You are viewing a plain text version of this content. The canonical link for it is here.
Posted to users@pdfbox.apache.org by Fran Rojas <fr...@gmail.com> on 2020/04/14 21:08:31 UTC

Detection of chess figure characters

Hello,
    I am a user of your wonderful library.
    I use it in a program that extracts chess games from PDF books.
    The library is very good, but it would be great if it could detect chess figure characters.

    They exist in UTF-8:
♔♕♖♗♘♙♚♛♜♝♞♟

    I wonder if you are planning to detect them in a future version of the library.

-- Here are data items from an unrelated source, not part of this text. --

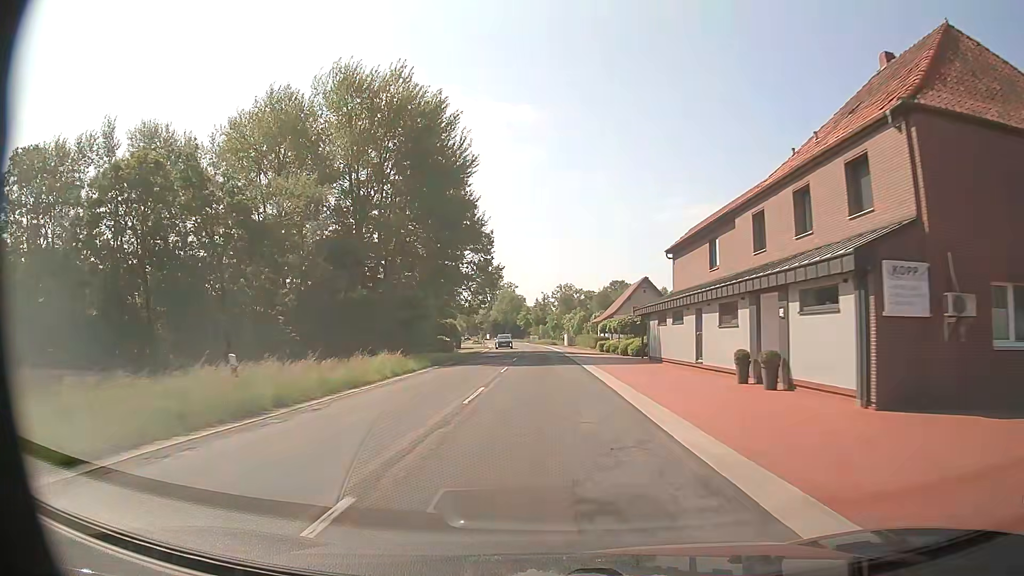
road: secondary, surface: asphalt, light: Day
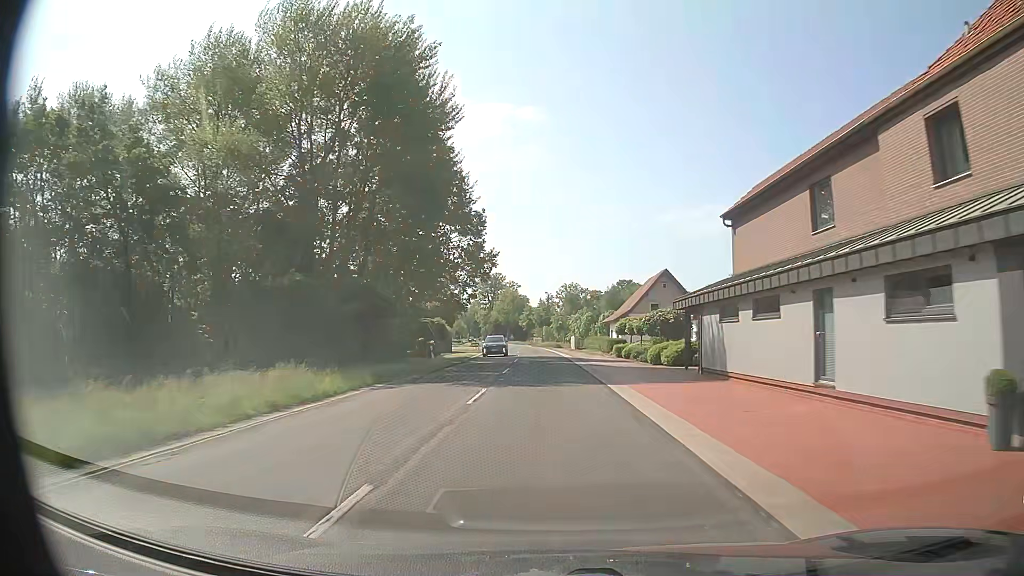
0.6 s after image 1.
(0.0, +11.5) m; -1°
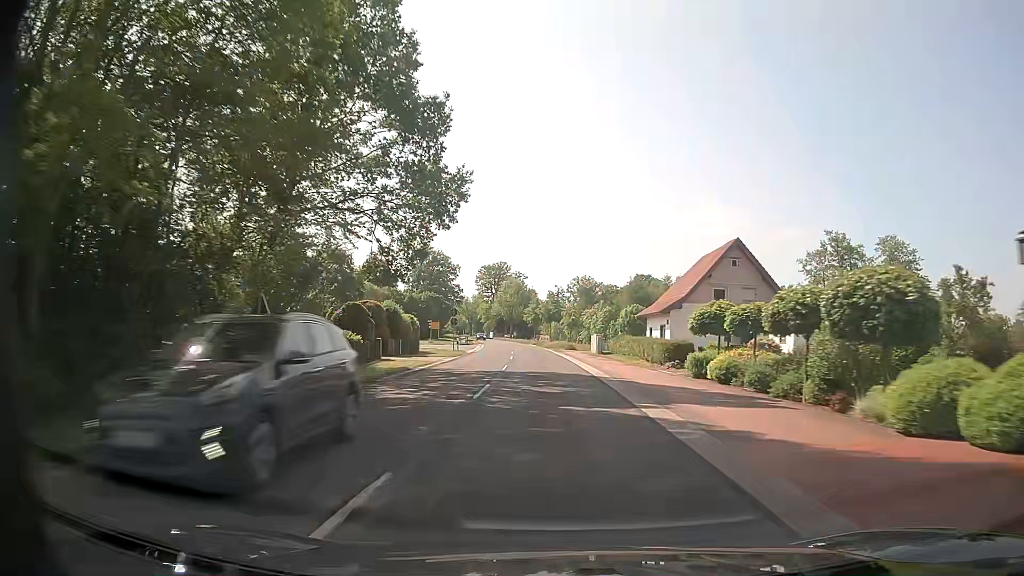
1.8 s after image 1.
(-0.2, +23.8) m; -1°
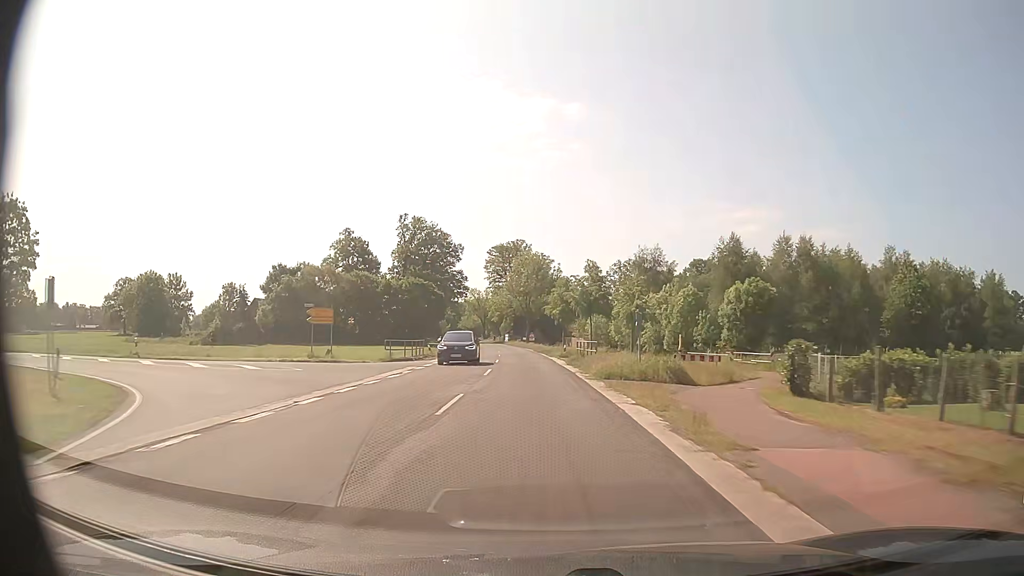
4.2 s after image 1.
(-0.8, +51.1) m; -3°
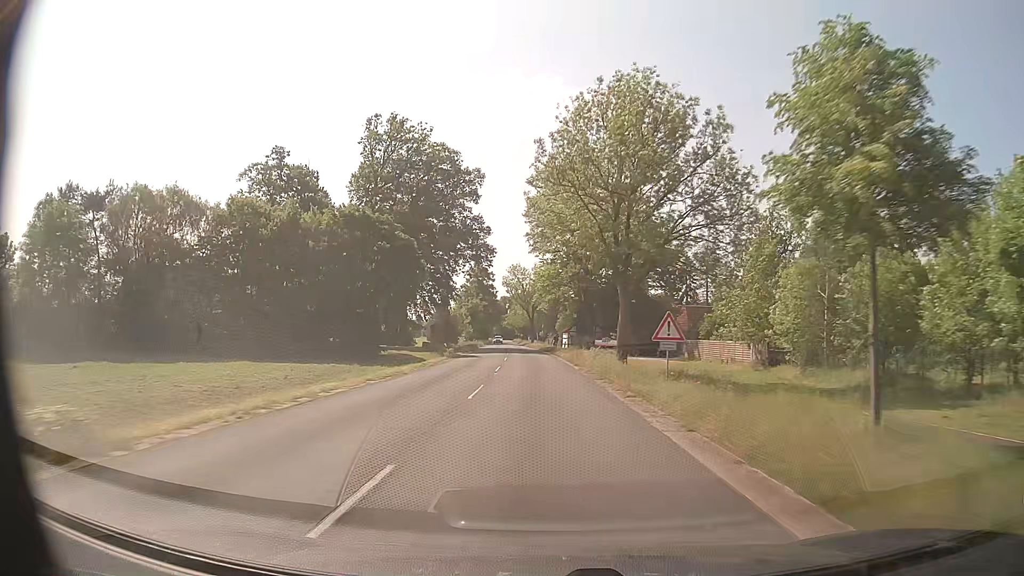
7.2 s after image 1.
(-3.3, +69.4) m; -5°
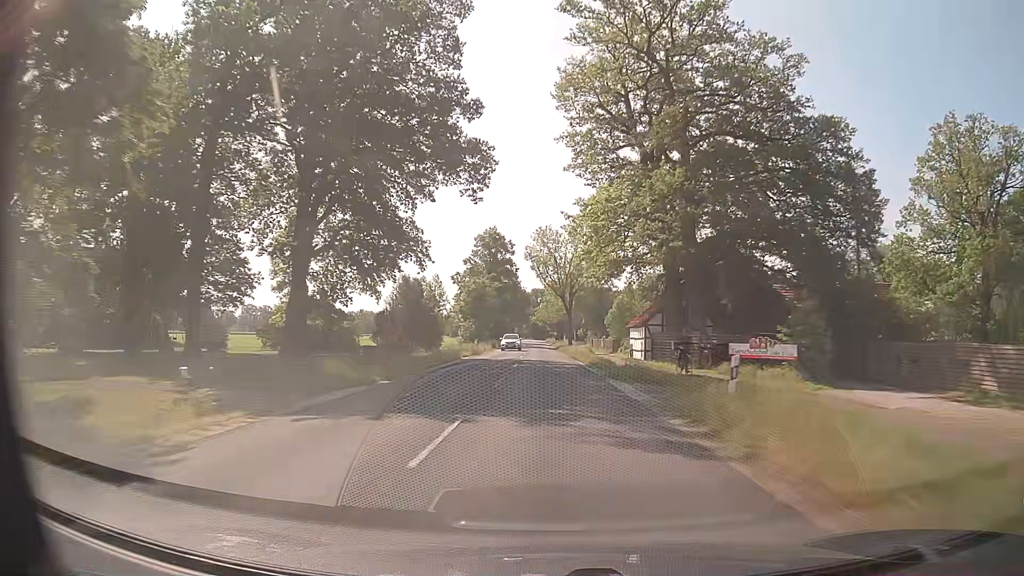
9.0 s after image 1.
(-1.2, +44.6) m; -3°
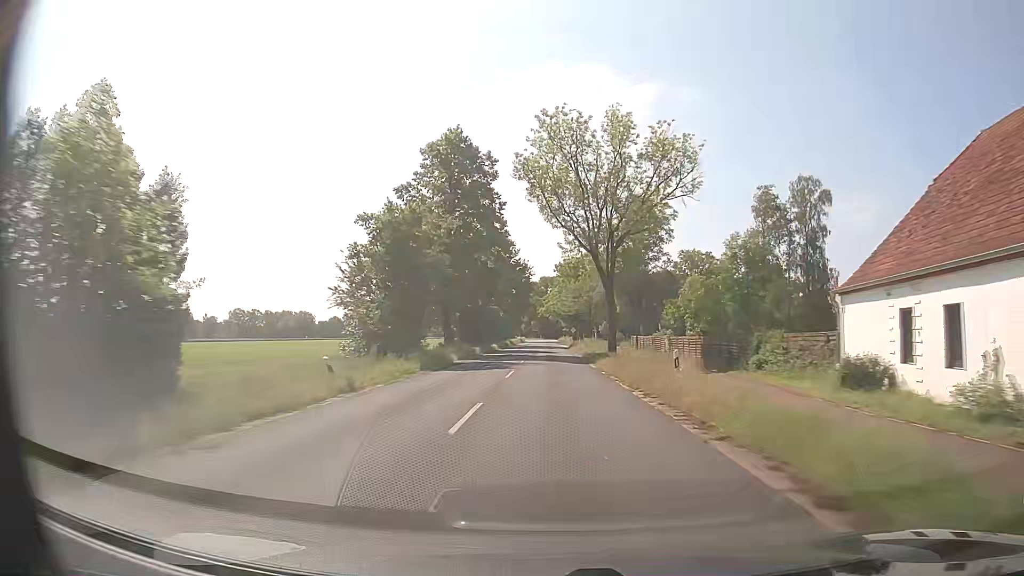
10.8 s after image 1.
(-0.5, +45.8) m; -1°
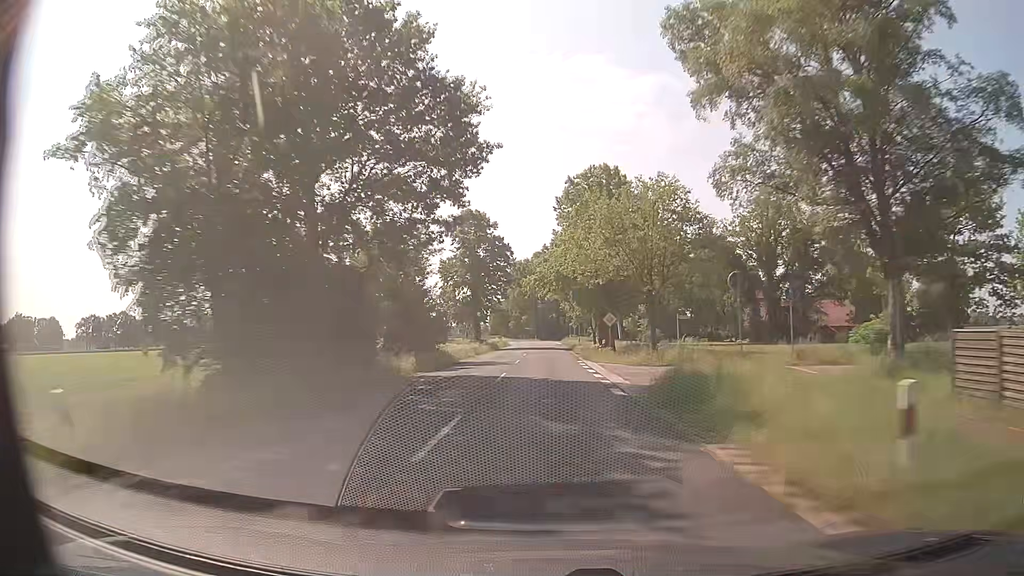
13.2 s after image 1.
(+0.1, +62.0) m; 0°
(0, +10) (0, +20) (0, +30) (0, +40) (0, +50) (0, +60) (0, +70) (0, +80) (0, +90) (-1, +100) m

    Good job with the library!
kind regards,
Fran.

---------------------------------------------------------------------
To unsubscribe, e-mail: users-unsubscribe@pdfbox.apache.org
For additional commands, e-mail: users-help@pdfbox.apache.org


Re: Detection of chess figure characters

Posted by Tilman Hausherr <TH...@t-online.de>.
Am 15.04.2020 um 23:12 schrieb Peter Murray-Rust:
> Do you know whether the figures are characters or bitmap images (we find a
> lot of this in scientific publications). If they are characters with
> non-standard codes , then there's probably only a small number of
> characters in each font. We mapped this for some thousands of maths symbols
> and I'd guess it's a smaller problem for chess. Alternatively the pieces
> may be small bitmapped images  Our AMI3 tool , uses PDFBox and stores all
> images and removes duplicates, recording the coordinates. It's Open source
> and you are welcome to try it.
> Mail me if so.


Or share such a file (upload to a sharehoster).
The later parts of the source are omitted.